## Directions
Word for word, print each record, dropping any image it holds.

Data items:

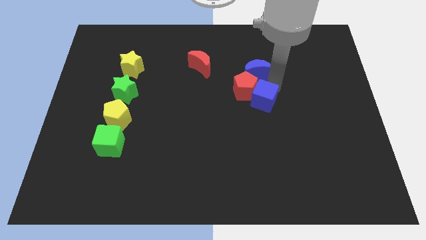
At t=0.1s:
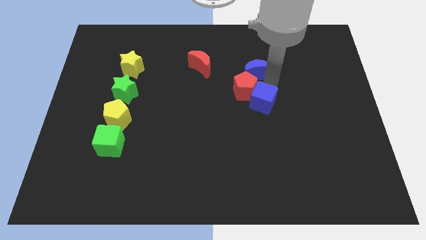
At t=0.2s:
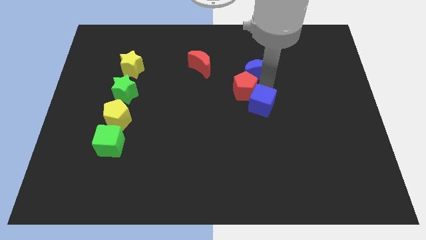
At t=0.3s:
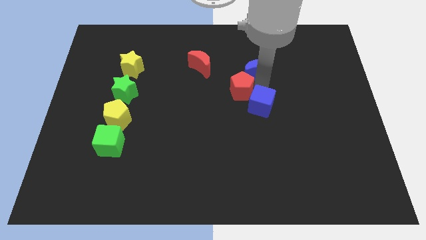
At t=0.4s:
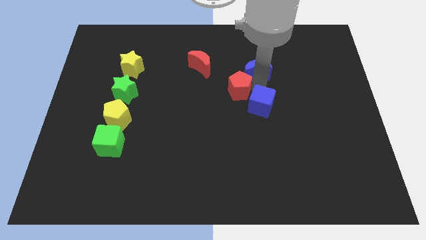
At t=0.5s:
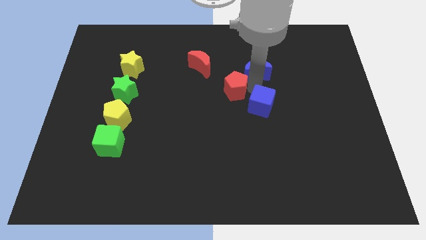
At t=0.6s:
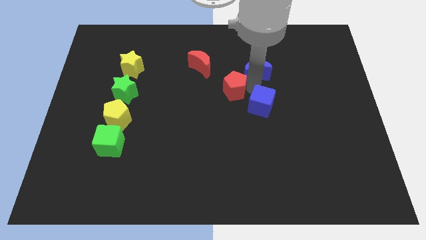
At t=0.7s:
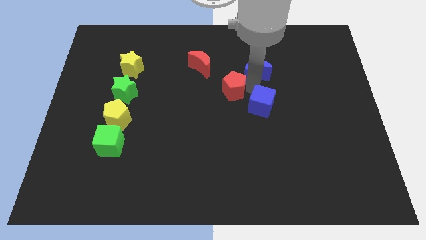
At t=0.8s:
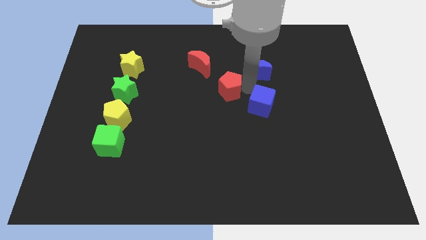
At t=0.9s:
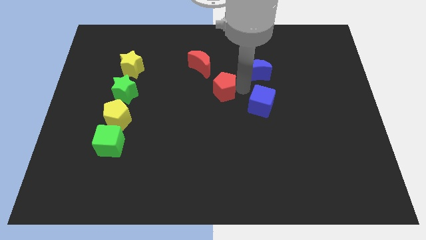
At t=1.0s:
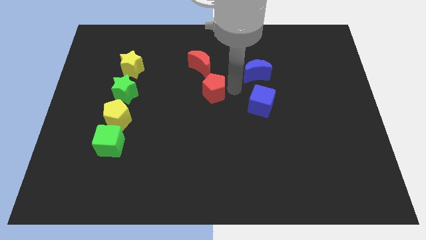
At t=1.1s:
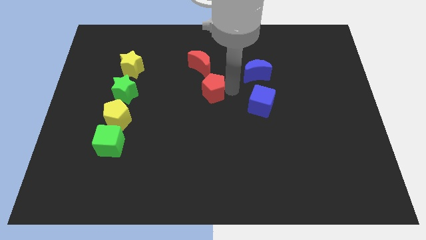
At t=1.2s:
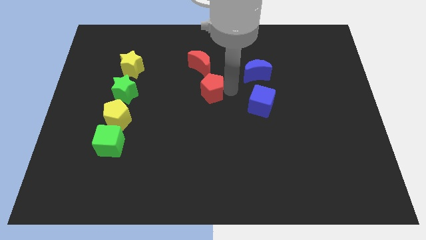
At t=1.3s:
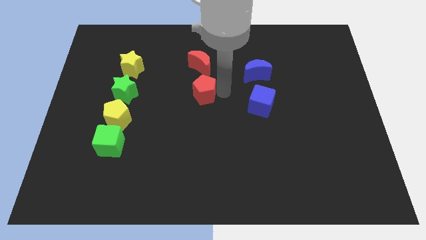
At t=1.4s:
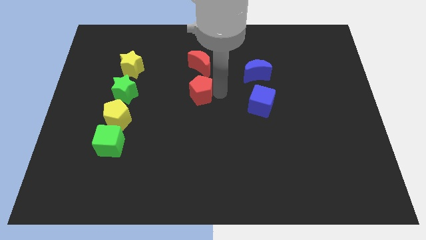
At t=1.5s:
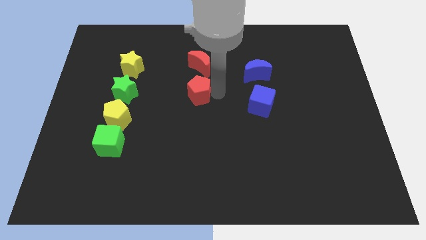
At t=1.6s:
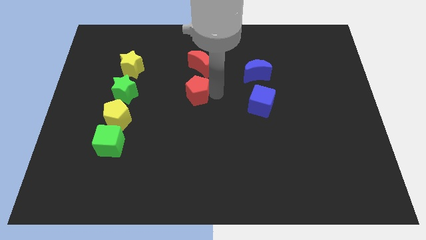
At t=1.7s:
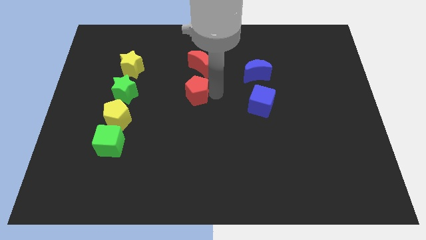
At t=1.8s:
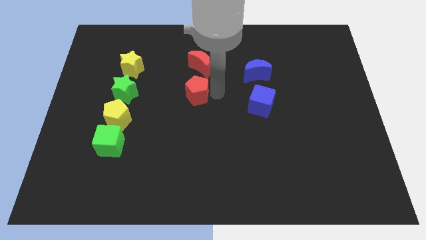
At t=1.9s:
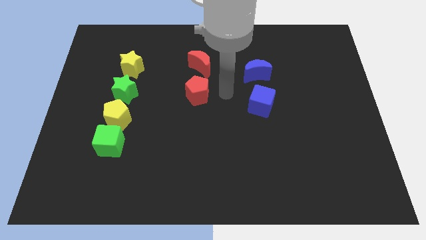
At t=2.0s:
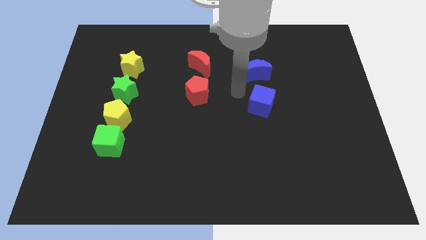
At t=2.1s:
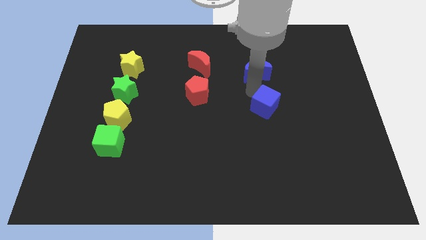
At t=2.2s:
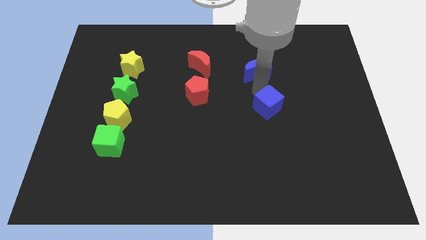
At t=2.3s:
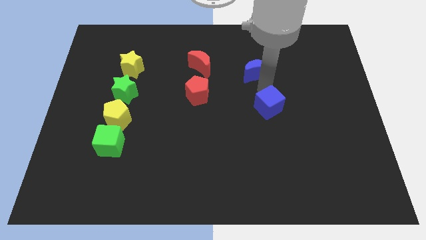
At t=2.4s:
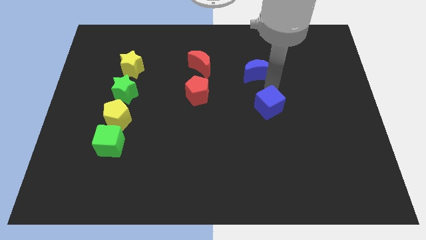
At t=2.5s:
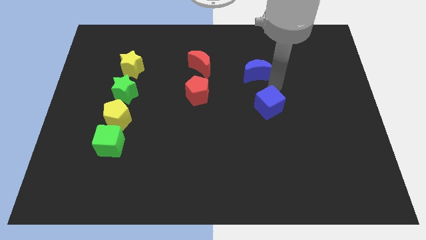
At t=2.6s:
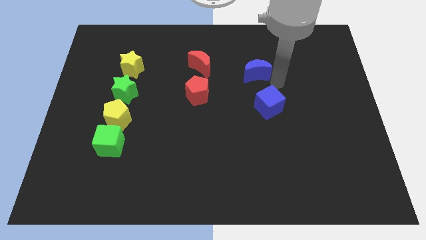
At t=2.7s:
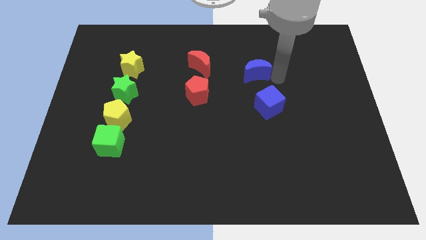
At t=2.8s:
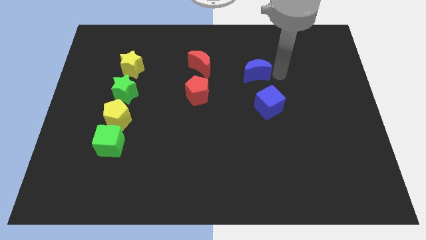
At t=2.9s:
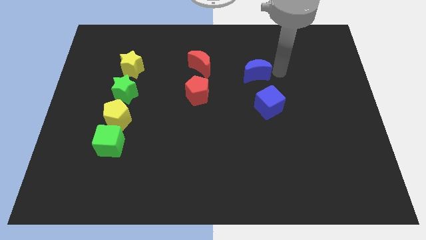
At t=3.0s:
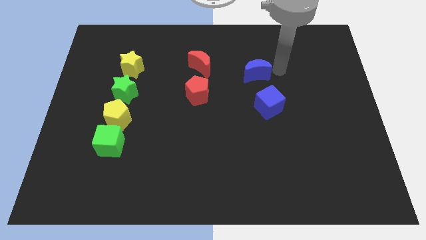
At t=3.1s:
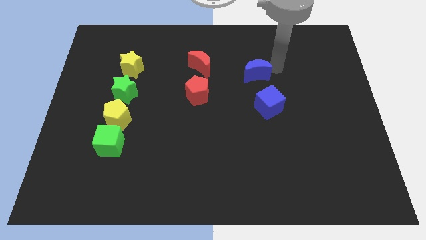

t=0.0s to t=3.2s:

## Task response
At t=0.1s:
At t=0.2s:
At t=0.3s:
At t=0.4s:
At t=0.5s:
At t=0.6s:
At t=0.7s:
At t=0.8s:
At t=0.9s:
At t=1.0s:
At t=1.1s:
At t=1.2s:
At t=1.3s:
At t=1.4s:
At t=1.5s:
At t=1.6s:
At t=1.7s:
At t=1.8s:
At t=1.9s:
At t=2.0s:
At t=2.1s:
At t=2.2s:
At t=2.3s:
At t=2.4s:
At t=2.5s:
At t=2.6s:
At t=2.7s:
At t=2.8s:
At t=2.9s:
At t=3.0s:
At t=3.1s:

t=0.0s to t=3.2s:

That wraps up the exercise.